In any case, the book is full of great ideas and a lot of fun. It's also short and easily read. Try finding that combination anywhere else. Highly recommended.

Monday, May 30, 2022

Review: How the Earth Works

 How the Earth Works is a Great Courses audio/video series on geology. I never took a geology class in college and thought it would be interesting and was not disappointed in the course. It covers many topics, including astronomy, biology, ecology, hydraulics, plate tectonics and even earthquakes. I was astounded by the breadth and depth of Professor Wysession's work.

Over the course of 24+ hours, we get answers to questions like:

  • Could that scene in the Superman movie where Kal-El squeezes a lump of coal into a diamond ever work? (The answer is no, because in addition to pressure it also takes time to form diamonds from coal)
  • Why are the minerals on the planet clustered together in mineable form rather than scattered diffusedly over the planet's crust?
  • How do plate tectonics work?
  • Why are the deepest parts of the Ocean close to the continental plates rather than in the middle of the Ocean?
  • Can we predict earthquakes?
  • How likely is it that there's another earth-like planet in the galaxy? (the answer will surprise and disappoint you)
  • How were the underground aquifers created? How is the water in them replenished?
  • Why do underground caves not just collapsed instead of being formed?
I really enjoyed this series and will probably listen to it again. If you skipped geology classes in college, this class is for you. Highly recommended!

Thursday, May 26, 2022

Review: Powerhouse

 Powerhouse is Steve LeVine's book about the race to create NMC 2.0 batteries. It revolves around Argonne National Laboratories, Envia Energy Systems, and  a smattering of Chinese and Korean representatives. The book doesn't try to give a detailed description of the battery technology and the actual development of the technology but instead tries to describe the key personalities and scientists involved. This approach is kinda sucky, because the politics behind the science is pretty ugly.

There's lots of description about talent poaching, as well as the not-quite-Theranos antics of Envia's CEO and CTO, as well as the jockeying for position amongst the Argonne scientists for promotions and plum positions. It was also interesting that the patent licensing actions of Argonne National Labs resulted in bonuses for the scientists involved. The book also describes all the effort into getting funding for a "Battery Hub" an industry + academia partnership. But the amounts of money involved was paltry, something that a company like Google or Apple could fund out of pocket change, reminding us how little money we spend on basic research, and how much of a bargain it is.

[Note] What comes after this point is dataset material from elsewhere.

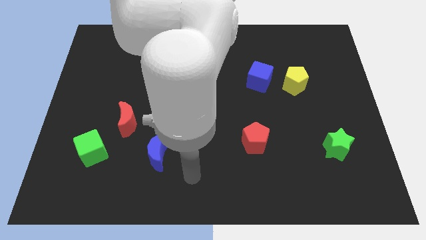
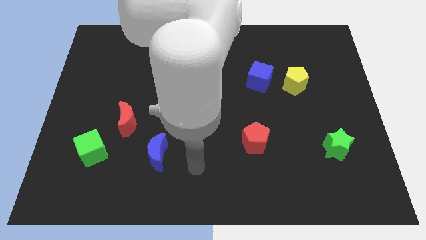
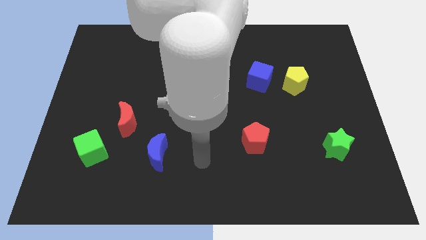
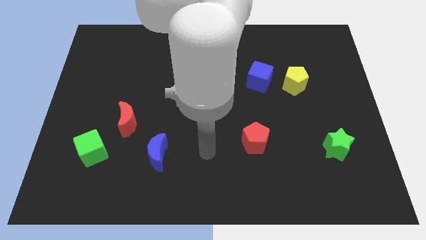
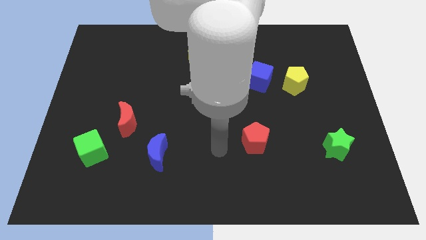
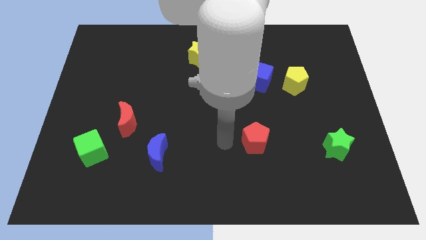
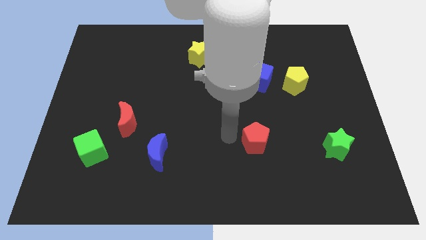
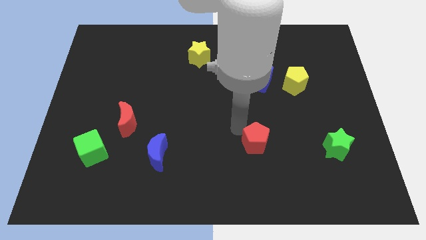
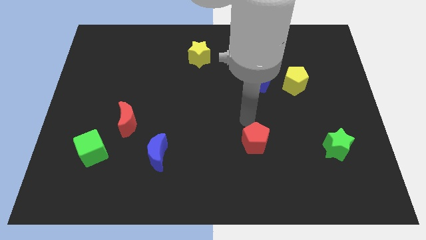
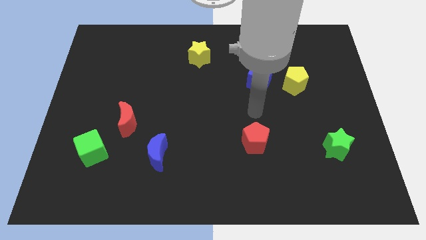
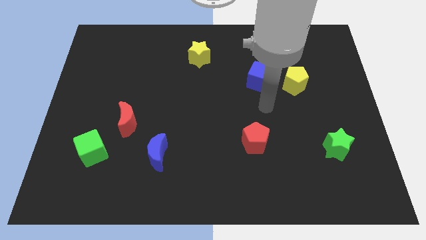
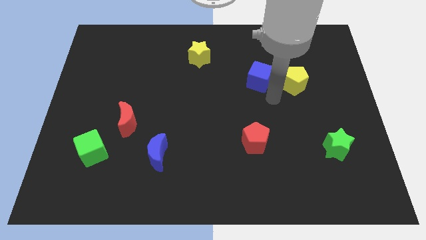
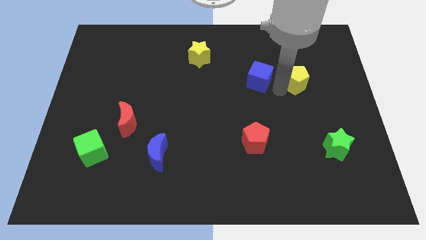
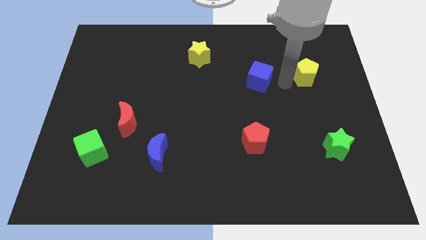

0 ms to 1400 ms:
separate the blue cube from the yellow pentagon

Unfortunately, it looks like NMC 2.0 never panned out.

Monday, May 23, 2022

Review: Driven - The Race to Create the Autonomous Car

 Driven is an account of the rise of the autonomous vehicle industry. It traces the rise of the industry from the initial DARPA Grand Challenge, providing excellent background for various of the actors in the industry that has risen since then, many of whom, including Jiajun Zhu, Chris Urmson, Sebastian Thrun, and of course, the infamous Anthony Levandowski would end up building their own firms. When you look at the book, it's easy to see how the early improvements led people to believe that autonomous vehicles would be common reality in 2020: the first Grand Challenge had no robots that finished the course, but by the time the second Grand Challenge had started, nearly 7 teams had finished the course and there was a genuine race. By 2007, the DARPA Urban challenge had produced several teams who could navigate urban environments, including GPS-blocking tunnels and parking lot environments with bicycles and other objects. To any observer it must have seemed as though the road to production was well along its way. By 2010, Google was spinning up Project Chauffeur, with incentive programs that would rival the payout of many startups, but without the risk.

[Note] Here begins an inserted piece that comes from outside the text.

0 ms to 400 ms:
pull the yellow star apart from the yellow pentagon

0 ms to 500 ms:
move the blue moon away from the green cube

The story follows the story as a journalist can, but perhaps without an engineer's background, didn't see that the "Larry Page 1K Challenge" was too easy to game: the book describes the engineers basically repeating the runs over and over until the conditions made it possible. That's like playing a video game by save-scumming: just save and reload until the random number generator gave you an outcome you wanted. That sort of challenge made it easy for companies and executives to fool themselves into thinking that they had achieved significant milestones.

The entire book is was worth reading and compelling reading I bought it hoping to read it on a plane and ended up finishing it the morning before the plane ride. It's well worth reading for its management lessons (and its ethical lessons), as well as providing you with a realistic view of how far away the industry is from realizing the original DARPA vision. In many places its as compelling a story as any fiction you'll read. Recommended!

Thursday, May 19, 2022

Review: The Handmaid's Tale Graphic Novel

 I kept bouncing off The Handmaid's Tale, so I finally resorted to the graphic novel edition to see if I could finally actually make it through.  The art in the book is bland and not expressive, and but the story is told in such a way that's coherent and comprehensible. Atwood's vision of a patriarchial society that treats women as nothing but breeders by religious fundamentalists might have seemed like fiction when it was published, but in the world of 2022 with an extremely conservative supreme court about to overturn Roe v Wade seems eerily prescient. The hypocrisy of such a society is exposed and clear, though perhaps in the light of what we see today perhaps her vision isn't apocalyptic enough. What's apparent is that the religious fundamentalists in this country don't view the book as a warning, but as a playbook with which to realize their horrific vision of a uniquely dystopian timeline.

As far as being a graphic novel, this one can't hold a candle to the best of say, Alan Moore. I compare the narrative portion of The Handmaid's Tale with say, Valerie, and it's clear that Moore is the stronger writer with as unique a vision as Atwood, but with a better command of visual as well as written form. Nevertheless, Atwood's dystopia in the light of 2022 seems far more real than the world of V for Vendetta.


Monday, May 16, 2022

Review: Q-Squared

 I picked up Q-Squared because I had good memories of Peter David's writing, even though I'm not actually a fan of Star Trek the next generation. The story probably would have made for a fun Star Trek movie or TV episode, involving multiple-timelines, mirror universes, and Q, a sort of omnipotent energy being. It relies heavily on your understanding of the characters from the TV show, though not so much that I couldn't pick up who Beverly Crusher was, as well as the different versions of Riker, Worf, et al.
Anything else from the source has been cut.